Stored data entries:
┌──
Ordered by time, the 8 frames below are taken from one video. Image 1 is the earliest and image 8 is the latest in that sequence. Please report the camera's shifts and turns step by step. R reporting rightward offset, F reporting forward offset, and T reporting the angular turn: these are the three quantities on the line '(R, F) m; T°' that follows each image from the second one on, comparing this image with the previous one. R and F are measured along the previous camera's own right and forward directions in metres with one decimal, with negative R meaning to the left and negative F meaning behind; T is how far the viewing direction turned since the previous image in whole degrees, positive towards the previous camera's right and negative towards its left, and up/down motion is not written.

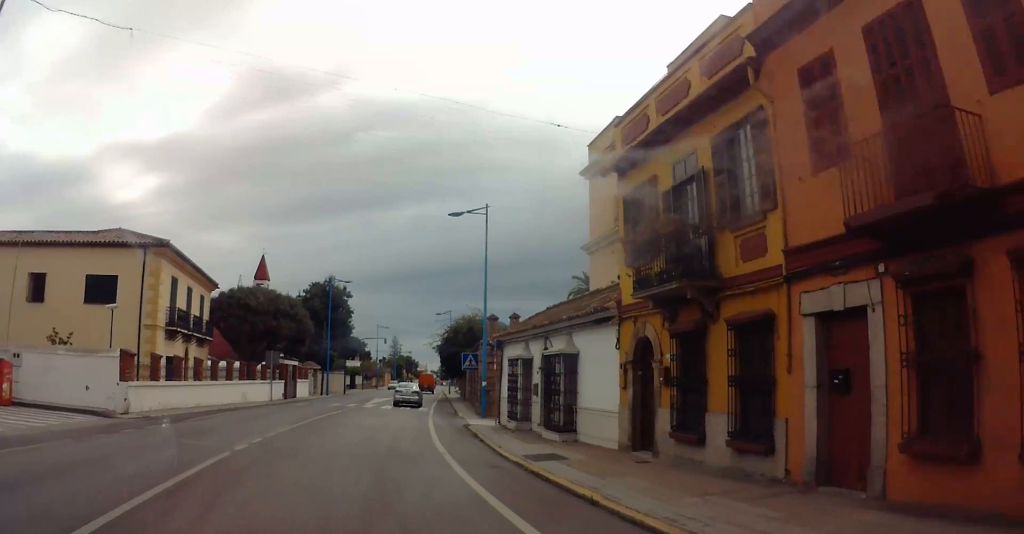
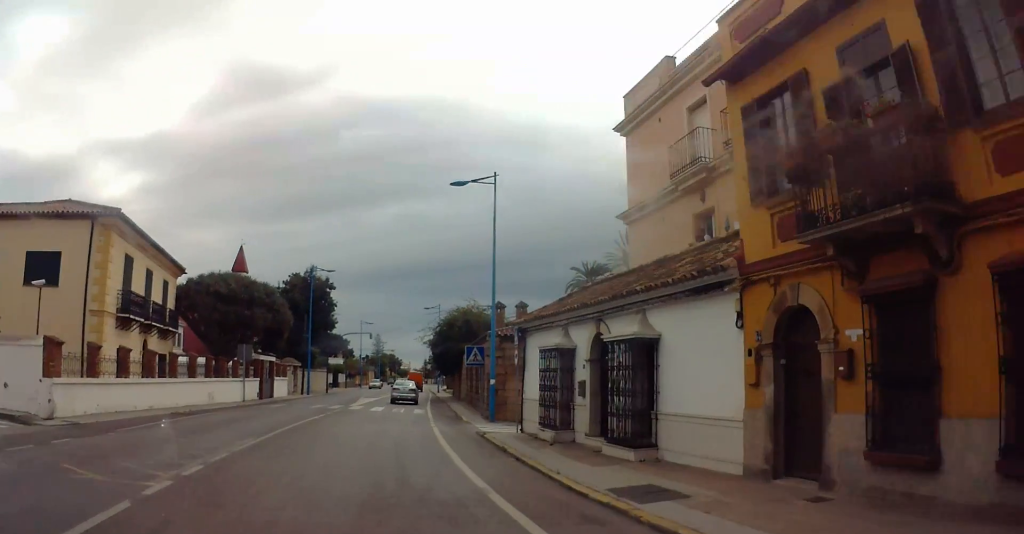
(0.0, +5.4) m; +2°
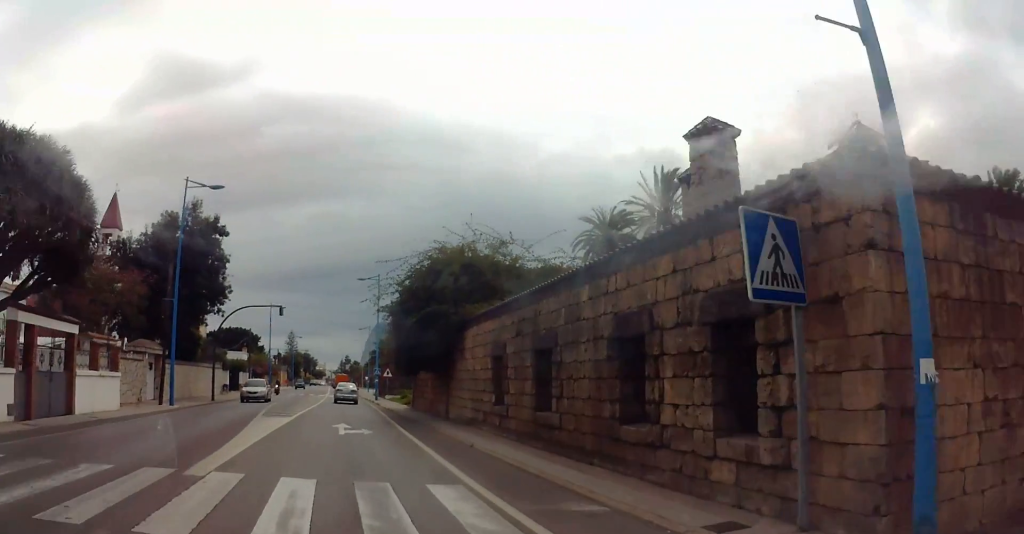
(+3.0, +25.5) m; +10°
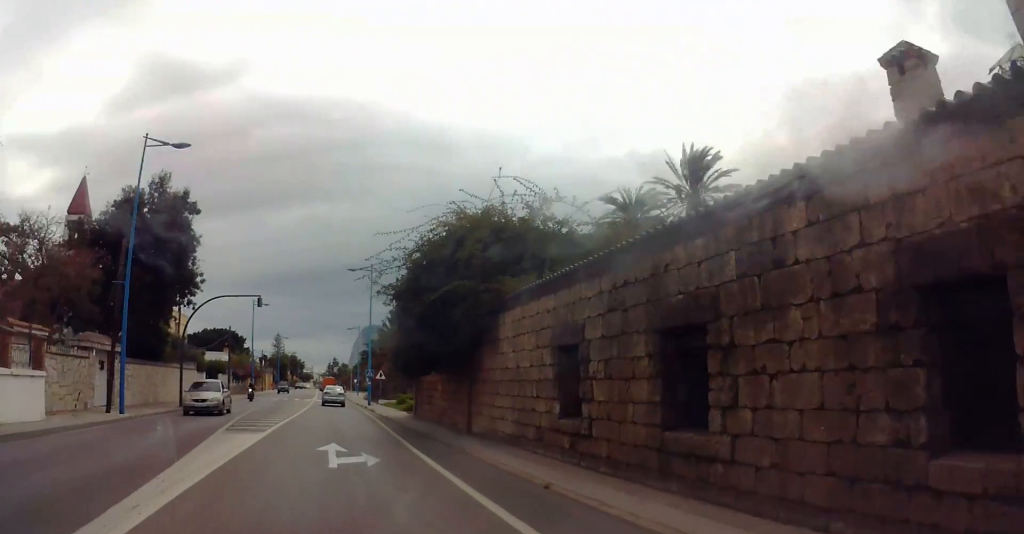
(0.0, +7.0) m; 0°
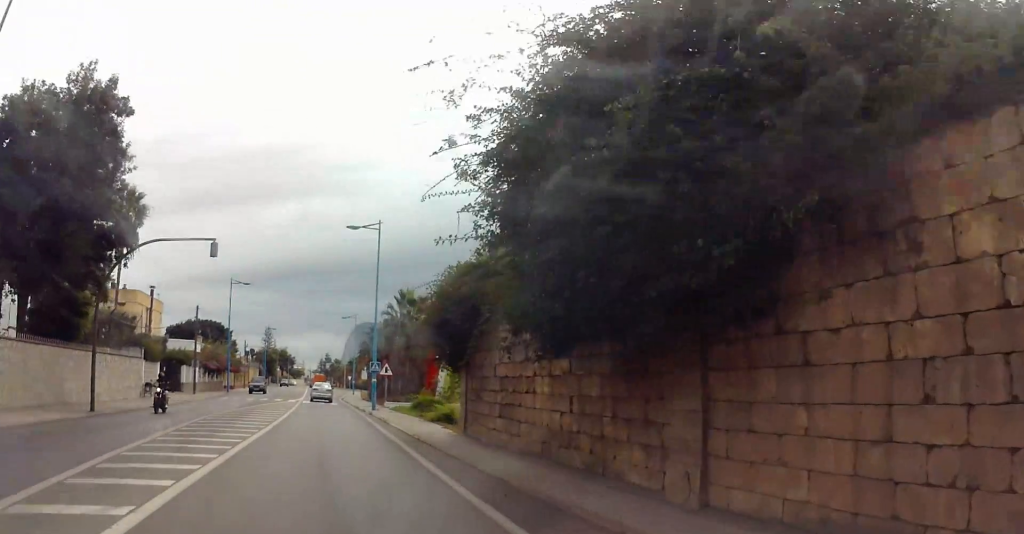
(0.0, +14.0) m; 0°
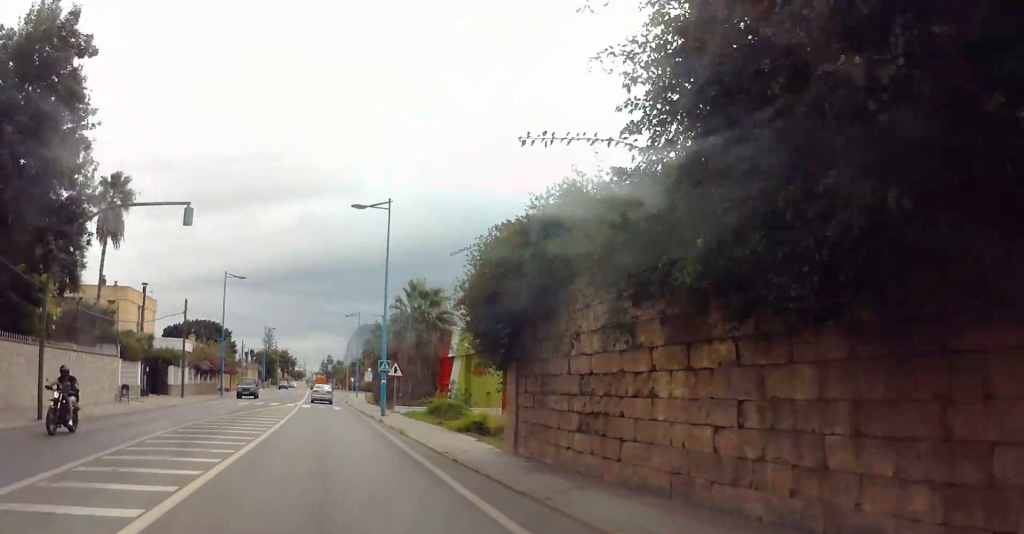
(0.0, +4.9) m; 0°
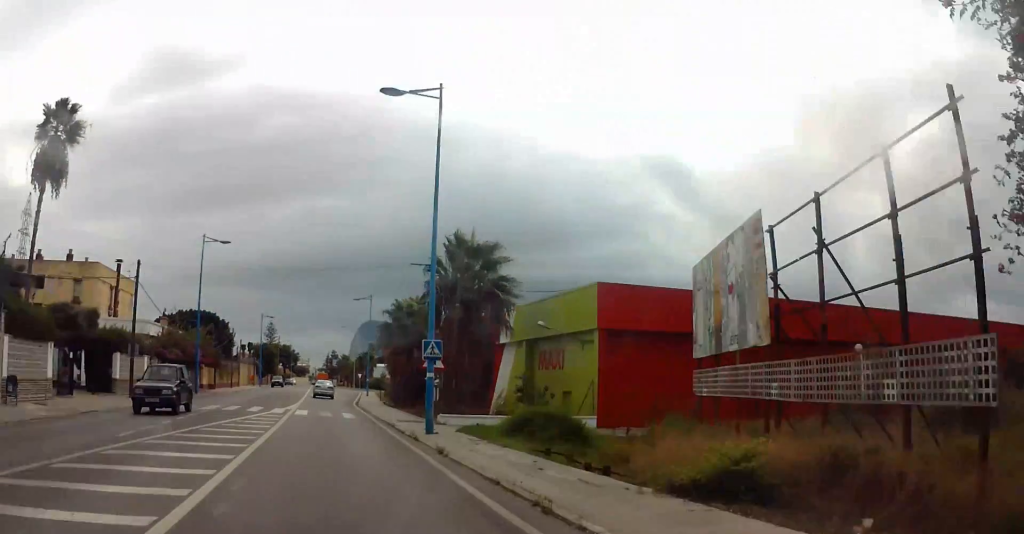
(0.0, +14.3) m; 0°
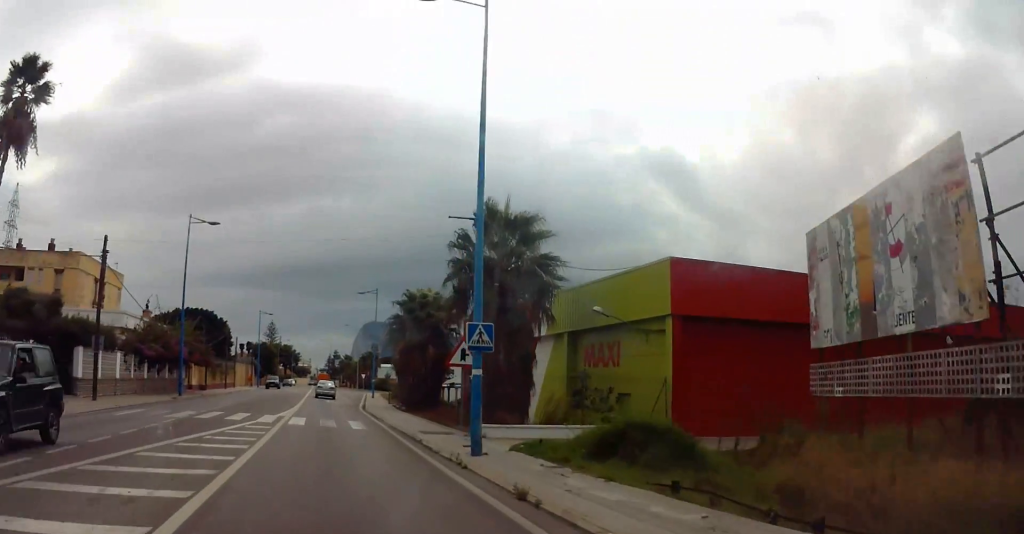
└──
Work order >> Repeat, exactly and in full, every entry in the data, but not the pictures.

Result below >>
Ordered by time, the 8 frames below are taken from one video. Image 1 is the earliest and image 8 is the latest in that sequence. Please report the camera's shifts and turns step by step. R reporting rightward offset, F reporting forward offset, and T reporting the angular turn: these are the three quantities on the line '(R, F) m; T°' that follows each image from the second one on, comparing this image with the previous one. R and F are measured along the previous camera's own right and forward directions in metres with one decimal, with negative R meaning to the left and negative F meaning behind; T is how far the viewing direction turned since the previous image in whole degrees, positive towards the previous camera's right and negative towards its left, and up/down motion is not written.

(0.0, +5.4) m; +2°
(+3.0, +25.5) m; +10°
(0.0, +7.0) m; 0°
(0.0, +14.0) m; 0°
(0.0, +4.9) m; 0°
(0.0, +14.3) m; 0°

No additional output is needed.